If you use the widget (recommended) you need to add some python code and possibly modify your template.

Python code

The TinyMCE widget can be enabled by setting it as the widget for a formfield. For example, to use a nice big TinyMCE widget for the content field of a flatpage form you could use the following code:

from django import forms
from django.contrib.flatpages.models import FlatPage
from tinymce.widgets import TinyMCE

class FlatPageForm(forms.ModelForm):

    class Meta:
        model = FlatPage
        widgets = {'content': TinyMCE(attrs={'cols': 80, 'rows': 30})}

The widget accepts the following extra keyword argument:

mce_attrs (default: {})
Extra TinyMCE configuration options. Options from settings.TINYMCE_DEFAULT_CONFIG (see Configuration) are applied first and can be overridden. Python types are automatically converted to Javascript types, using standard JSON encoding.
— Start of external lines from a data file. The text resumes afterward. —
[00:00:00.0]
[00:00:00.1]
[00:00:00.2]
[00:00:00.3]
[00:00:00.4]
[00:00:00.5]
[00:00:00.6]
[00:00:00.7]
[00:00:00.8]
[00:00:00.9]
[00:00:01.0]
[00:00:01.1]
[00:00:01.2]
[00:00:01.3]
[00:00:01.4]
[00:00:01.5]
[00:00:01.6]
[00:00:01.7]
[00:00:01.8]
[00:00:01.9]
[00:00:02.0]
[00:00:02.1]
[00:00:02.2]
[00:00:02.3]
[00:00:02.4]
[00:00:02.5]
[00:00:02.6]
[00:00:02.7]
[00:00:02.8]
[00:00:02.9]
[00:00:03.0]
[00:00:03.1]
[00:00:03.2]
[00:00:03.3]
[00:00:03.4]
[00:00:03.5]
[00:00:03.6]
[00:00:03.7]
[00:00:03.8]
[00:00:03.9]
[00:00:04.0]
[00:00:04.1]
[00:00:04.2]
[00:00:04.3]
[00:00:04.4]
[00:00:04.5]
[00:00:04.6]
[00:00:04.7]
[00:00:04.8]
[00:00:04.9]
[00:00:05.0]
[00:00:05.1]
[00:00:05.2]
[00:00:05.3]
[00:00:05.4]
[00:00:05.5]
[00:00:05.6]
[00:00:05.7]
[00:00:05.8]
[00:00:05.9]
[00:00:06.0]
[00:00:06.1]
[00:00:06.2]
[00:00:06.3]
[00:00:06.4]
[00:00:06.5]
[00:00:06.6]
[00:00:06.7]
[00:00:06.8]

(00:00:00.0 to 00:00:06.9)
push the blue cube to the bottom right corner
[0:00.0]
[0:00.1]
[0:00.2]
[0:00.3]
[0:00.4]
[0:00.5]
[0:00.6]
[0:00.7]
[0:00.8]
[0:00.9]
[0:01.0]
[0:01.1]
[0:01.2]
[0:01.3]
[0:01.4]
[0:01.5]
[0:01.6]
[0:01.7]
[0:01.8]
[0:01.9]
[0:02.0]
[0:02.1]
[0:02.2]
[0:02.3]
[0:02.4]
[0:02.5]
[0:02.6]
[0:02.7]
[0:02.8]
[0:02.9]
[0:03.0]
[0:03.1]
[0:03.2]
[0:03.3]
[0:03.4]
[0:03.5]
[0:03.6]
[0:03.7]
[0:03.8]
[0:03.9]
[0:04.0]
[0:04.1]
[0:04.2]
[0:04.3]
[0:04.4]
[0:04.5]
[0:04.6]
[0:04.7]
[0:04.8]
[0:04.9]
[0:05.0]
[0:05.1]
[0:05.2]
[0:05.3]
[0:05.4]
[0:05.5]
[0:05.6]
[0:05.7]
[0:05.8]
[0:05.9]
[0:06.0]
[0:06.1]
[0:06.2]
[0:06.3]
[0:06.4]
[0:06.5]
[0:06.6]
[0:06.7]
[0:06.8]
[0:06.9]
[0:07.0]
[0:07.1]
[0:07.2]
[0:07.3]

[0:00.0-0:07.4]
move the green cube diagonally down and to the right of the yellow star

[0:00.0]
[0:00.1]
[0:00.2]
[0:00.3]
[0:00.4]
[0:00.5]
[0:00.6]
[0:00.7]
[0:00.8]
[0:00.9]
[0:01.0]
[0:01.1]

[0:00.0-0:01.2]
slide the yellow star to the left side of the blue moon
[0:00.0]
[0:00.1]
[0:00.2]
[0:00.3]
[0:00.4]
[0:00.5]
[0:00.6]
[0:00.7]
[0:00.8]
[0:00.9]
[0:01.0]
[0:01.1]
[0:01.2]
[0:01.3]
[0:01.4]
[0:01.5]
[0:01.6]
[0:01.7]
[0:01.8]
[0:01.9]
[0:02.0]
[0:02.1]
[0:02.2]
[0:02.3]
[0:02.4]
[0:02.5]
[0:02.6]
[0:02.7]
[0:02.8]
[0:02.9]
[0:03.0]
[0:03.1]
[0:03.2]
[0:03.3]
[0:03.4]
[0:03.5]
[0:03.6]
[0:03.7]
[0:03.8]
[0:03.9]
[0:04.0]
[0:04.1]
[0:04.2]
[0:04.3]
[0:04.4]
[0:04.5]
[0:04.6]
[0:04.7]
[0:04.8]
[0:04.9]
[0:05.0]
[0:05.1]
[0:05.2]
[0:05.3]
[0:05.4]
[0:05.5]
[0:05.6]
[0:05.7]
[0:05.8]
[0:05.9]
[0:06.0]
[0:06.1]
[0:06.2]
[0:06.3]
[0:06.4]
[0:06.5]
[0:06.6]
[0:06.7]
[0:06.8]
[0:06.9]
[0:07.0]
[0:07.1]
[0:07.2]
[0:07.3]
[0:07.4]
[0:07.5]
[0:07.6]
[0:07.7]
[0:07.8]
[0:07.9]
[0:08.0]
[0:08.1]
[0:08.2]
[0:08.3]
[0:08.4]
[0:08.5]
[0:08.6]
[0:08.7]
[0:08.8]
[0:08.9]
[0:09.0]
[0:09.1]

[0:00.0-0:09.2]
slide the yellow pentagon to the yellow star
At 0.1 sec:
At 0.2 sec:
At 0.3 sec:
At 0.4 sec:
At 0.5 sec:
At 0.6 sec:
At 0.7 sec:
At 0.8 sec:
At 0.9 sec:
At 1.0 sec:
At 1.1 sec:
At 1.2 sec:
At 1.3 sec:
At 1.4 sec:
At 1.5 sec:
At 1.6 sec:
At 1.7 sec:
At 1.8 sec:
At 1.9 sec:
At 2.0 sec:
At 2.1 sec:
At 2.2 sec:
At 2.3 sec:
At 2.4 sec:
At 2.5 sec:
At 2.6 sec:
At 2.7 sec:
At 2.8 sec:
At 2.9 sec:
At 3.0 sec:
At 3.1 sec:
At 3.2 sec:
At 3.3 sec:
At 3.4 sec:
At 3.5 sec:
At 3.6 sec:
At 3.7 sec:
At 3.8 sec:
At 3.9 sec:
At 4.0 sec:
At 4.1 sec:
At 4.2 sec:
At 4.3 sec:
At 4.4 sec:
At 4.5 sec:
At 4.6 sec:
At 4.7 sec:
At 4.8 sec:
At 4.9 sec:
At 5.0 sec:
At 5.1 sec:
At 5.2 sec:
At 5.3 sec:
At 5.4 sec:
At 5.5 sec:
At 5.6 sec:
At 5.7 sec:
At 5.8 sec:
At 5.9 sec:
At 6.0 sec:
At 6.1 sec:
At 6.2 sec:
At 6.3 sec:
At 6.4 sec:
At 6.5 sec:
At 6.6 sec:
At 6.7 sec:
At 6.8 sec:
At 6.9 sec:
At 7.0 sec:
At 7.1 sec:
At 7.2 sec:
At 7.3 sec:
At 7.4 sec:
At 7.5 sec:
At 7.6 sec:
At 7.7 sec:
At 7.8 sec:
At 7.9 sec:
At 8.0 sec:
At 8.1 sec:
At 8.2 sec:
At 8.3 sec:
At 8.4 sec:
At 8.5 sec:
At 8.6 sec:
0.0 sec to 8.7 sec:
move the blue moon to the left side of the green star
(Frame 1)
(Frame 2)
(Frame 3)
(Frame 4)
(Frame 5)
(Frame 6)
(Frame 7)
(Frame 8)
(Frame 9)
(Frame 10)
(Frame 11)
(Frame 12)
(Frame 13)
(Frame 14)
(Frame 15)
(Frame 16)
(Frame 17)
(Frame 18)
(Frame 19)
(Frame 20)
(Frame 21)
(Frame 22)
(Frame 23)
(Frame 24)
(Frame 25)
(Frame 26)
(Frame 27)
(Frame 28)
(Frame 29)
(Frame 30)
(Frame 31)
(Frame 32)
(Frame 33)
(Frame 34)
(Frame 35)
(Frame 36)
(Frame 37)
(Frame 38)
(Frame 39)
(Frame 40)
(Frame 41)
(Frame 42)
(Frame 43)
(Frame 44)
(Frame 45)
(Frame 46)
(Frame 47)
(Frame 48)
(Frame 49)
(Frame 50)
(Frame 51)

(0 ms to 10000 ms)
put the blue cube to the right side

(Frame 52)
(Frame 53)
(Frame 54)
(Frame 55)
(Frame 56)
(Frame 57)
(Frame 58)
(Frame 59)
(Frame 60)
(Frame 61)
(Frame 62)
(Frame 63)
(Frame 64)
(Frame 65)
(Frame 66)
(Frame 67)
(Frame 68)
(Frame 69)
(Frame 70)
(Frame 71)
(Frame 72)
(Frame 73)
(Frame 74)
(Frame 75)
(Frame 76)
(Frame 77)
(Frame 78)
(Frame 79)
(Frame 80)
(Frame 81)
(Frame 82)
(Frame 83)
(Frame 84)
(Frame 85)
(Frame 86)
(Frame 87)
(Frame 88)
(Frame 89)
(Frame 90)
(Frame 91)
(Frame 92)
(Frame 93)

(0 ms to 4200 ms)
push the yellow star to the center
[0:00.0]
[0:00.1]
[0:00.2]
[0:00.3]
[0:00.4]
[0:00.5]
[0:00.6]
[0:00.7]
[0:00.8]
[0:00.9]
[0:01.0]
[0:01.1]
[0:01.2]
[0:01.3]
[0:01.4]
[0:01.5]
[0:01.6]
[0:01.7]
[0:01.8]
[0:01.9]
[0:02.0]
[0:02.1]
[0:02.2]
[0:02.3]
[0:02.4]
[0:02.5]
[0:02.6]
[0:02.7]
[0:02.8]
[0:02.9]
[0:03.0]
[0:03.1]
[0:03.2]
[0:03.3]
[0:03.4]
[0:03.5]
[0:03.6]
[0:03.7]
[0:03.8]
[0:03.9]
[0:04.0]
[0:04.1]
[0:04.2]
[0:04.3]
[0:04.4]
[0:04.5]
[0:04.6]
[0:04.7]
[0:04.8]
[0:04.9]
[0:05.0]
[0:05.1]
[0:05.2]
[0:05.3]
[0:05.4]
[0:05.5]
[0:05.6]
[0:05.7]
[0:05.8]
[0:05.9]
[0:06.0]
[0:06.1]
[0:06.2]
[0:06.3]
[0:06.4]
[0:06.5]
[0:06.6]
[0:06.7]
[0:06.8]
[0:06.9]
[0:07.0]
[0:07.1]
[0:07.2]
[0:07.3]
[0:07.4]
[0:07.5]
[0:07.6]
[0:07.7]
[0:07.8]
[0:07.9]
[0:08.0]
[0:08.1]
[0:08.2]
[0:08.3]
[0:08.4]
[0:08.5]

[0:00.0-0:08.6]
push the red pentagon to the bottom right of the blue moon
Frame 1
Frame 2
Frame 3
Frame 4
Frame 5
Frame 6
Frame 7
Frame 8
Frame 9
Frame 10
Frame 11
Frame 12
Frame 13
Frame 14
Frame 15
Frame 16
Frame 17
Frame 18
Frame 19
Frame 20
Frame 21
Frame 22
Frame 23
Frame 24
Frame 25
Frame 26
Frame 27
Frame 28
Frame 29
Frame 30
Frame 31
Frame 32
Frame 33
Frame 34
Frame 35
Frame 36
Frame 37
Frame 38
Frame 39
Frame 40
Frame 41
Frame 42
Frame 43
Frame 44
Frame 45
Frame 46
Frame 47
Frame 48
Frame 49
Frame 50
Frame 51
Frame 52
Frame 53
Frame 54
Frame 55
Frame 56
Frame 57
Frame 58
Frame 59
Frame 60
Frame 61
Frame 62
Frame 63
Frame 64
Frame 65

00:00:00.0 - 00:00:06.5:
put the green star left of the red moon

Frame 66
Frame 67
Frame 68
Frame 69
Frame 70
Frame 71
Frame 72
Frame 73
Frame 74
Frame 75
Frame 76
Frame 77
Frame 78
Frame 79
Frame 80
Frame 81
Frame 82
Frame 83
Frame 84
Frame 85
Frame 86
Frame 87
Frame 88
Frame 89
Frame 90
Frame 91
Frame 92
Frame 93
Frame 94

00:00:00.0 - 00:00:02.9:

For example, to disable word wrapping you would include 'nowrap': True.

The tinymce application adds one TinyMCE configuration option that can be set using mce_attrs (it is not useful as a default configuration):

content_language (default: django.utils.translation.get_language_code())
The language of the widget content. Will be used to set the language, directionality and spellchecker_languages configuration options of the TinyMCE editor. It may be different from the interface language, which defaults to the current Django language and can be changed using the language configuration option in mce_attrs)

Templates

The widget requires a link to the TinyMCE javascript code. The django.contrib.admin templates do this for you automatically, so if you are just using tinymce in admin forms then you are done. In your own templates containing a TinyMCE widget you must add the following to the HTML HEAD section (assuming you named your form ‘form’):

<head>
    ...
    {{ form.media }}
</head>

See also the section of form media in the Django documentation.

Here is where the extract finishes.